I want to monitor the loss during the training of a multiclass Gradient Boosting Classifier as a way to know whether there is overfitting taking place or not. Here is my code:
%matplotlib inline
import numpy as np
#import matplotlib.pyplot as plt
import matplotlib.pylab as plt
from sklearn import datasets
from sklearn.cross_validation import train_test_split
from sklearn.ensemble import GradientBoostingClassifier, GradientBoostingRegressor
iris = datasets.load_iris()
X, y = iris.data, iris.target
X_train, X_test, y_train, y_test = train_test_split(X, y, test_size=0.3, random_state=1)
n_est = 100
clf = GradientBoostingClassifier(n_estimators=n_est, max_depth=3, random_state=2)
clf.fit(X_train, y_train)
test_score = np.empty(len(clf.estimators_))
for i, pred in enumerate(clf.staged_predict(X_test)):
test_score[i] = clf.loss_(y_test, pred)
plt.plot(np.arange(n_est) + 1, test_score, label='Test')
plt.plot(np.arange(n_est) + 1, clf.train_score_, label='Train')
plt.show()
However I get the following value error:
---------------------------------------------------------------------------
ValueError Traceback (most recent call last)
<ipython-input-33-27194f883893> in <module>()
22 test_score = np.empty(len(clf.estimators_))
23 for i, pred in enumerate(clf.staged_predict(X_test)):
---> 24 test_score[i] = clf.loss_(y_test, pred)
25 plt.plot(np.arange(n_est) + 1, test_score, label='Test')
26 plt.plot(np.arange(n_est) + 1, clf.train_score_, label='Train')

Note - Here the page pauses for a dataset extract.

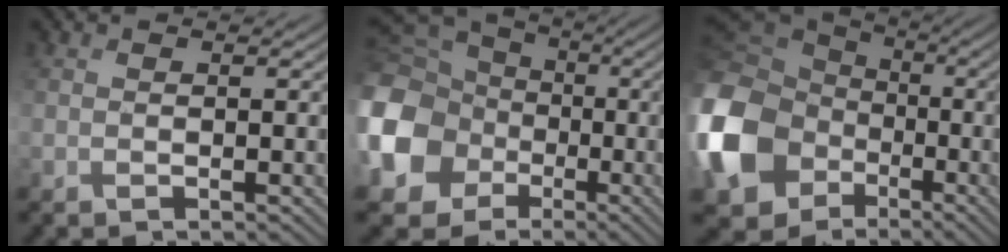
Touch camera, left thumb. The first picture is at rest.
{"total": 17.9, "force": [-3.2, 15.6, 8.2], "torque": [-0.259, -0.041, -0.083]}
{"total": 19.0, "force": [-4.6, 15.4, 10.3], "torque": [-0.315, -0.033, -0.098]}

C:\Documents and Settings\Philippe\Anaconda\lib\site-packages\sklearn\ensemble\gradient_boosting.pyc in __call__(self, y, pred)
396 Y[:, k] = y == k
397
--> 398 return np.sum(-1 * (Y * pred).sum(axis=1) +
399 logsumexp(pred, axis=1))
400
ValueError: operands could not be broadcast together with shapes (45,3) (45)
I know this code works fine if I use the GradientBoostingRegressor but I can't figure out how to make it work with a multiclass classifier such as the GradientBoostingClassifier. Thanks for your help.